During the AST traversal, the walker also visits the bounds extracted from `syn::Generics`. It substitutes the generic placeholders with the inferred concrete types and appends them to the generated function as a `where` clause.
**Original DSL:**
```rust
rule key_value_map<K: Hash + Eq, V>(k_parser, v_parser) -> HashMap<K, V> = ...
```
**Generated Concrete Output (Passed to Backends):**
```rust
// The generic parameters are stripped from the signature...
fn __key_value_map_string_i32(input: ParseStream) -> Result<HashMap<String, i32>>
// ...but the trait bounds are preserved as concrete type assertions!
where
String: Hash + Eq,
{
// Concrete Action Block
}
```
If `String` did not implement `Hash`, `rustc` would immediately halt compilation at this exact `where` clause, preserving the exact safety guarantees the user requested.
### 1.4. Backend Lowering
The backends (`syn-grammar`, `winnow-grammar`) receive the monomorphized, concrete rules. They do not need to process any generic logic. They simply desugar the AST into their optimized target structures (e.g., translating a `[T]` return type into a `winnow::combinator::separated` block or a `syn` `while` loop).
---
## 2. Consequences
### Advantages
* **Zero-Cost Verification:** By translating trait bounds into concrete `where` clauses, the macro defers the actual type-checking to `rustc`, ensuring mathematically proven trait verification without writing a custom type-checker in the macro.
* **Left-Recursion Safety:** Because all higher-order rules are flattened into standard concrete rules at macro-expansion time, the static call graph remains fully visible.

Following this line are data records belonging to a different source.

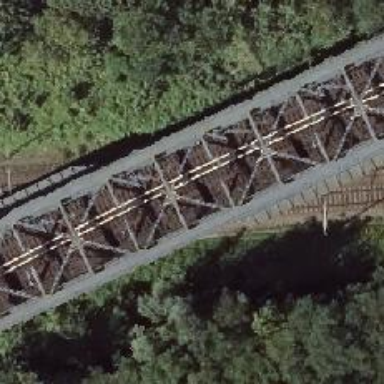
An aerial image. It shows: Bridge carrying electrified light rail track.
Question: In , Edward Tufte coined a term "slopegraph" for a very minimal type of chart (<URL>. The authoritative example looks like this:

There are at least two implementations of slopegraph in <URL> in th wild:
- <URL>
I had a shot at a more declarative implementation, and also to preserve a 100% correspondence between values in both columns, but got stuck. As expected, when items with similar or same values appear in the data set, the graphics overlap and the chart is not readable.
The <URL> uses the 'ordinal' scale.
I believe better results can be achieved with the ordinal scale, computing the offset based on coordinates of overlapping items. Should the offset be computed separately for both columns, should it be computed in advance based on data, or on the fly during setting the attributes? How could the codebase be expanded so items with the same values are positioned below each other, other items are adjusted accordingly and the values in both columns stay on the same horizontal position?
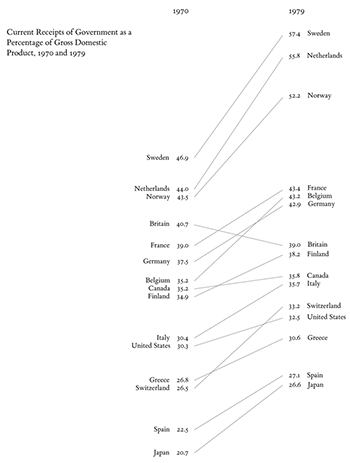
Answer: I was toying around with your first example a bit in an attempt to address the issue of jumbled text labels, I'm not sure how useful it will be, but in case it adds to the discussion, I figured I would share..
My first effort was to fade the text surrounding the text labels of a data point that was hovered over, this simply selects text labels that overlap the currently selected label's bounding box, and transitions them to near zero opacity:
<URL>
I then tried to work on a way to arrange the text labels in a compact way, so that each of them were viewable, I did not finish it's implementation because it seemed to extend the boundaries of the visualization too much (it also currently does not work well when changing the year..), but it might be worthwhile to look towards something like this on slightly less 'compact' data:
<URL>
Edit: it seems that these do not work as intended in firefox, seems to be an issue with getBBox()..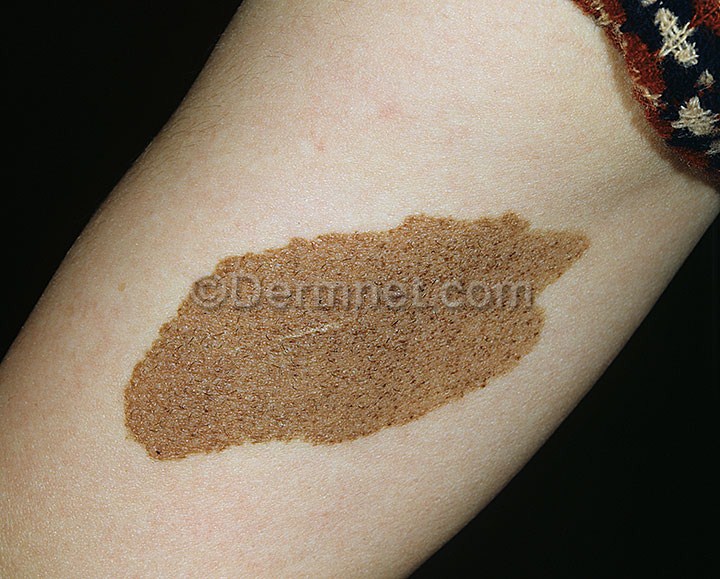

The automatic left-recursion elimination algorithm functions perfectly without modification.
* **Unified Frontend Parsing:** Utilizing `syn::Generics` allows the `syn-grammar-model` to rely entirely on battle-tested parsing infrastructure.
* **Backend Simplicity:** Backends are relieved of all generic resolution logic, allowing them to focus strictly on emitting the most performant parsing combinators for their specific domain.
### Risks and Mitigations
* **Binary Bloat (Code Duplication):** Monomorphization generates a distinct Rust function for every unique instantiation of a generic rule. This is deemed an acceptable trade-off to maintain static call graph visibility, closely mirroring `rustc`'s own generic monomorphization behavior.
* **Nested Resolution Complexity:** Deeply nested generic invocations (e.g., `list(list(integer))`) require recursive template substitution. The AST walker mitigates infinite loops by enforcing a strict expansion depth limit.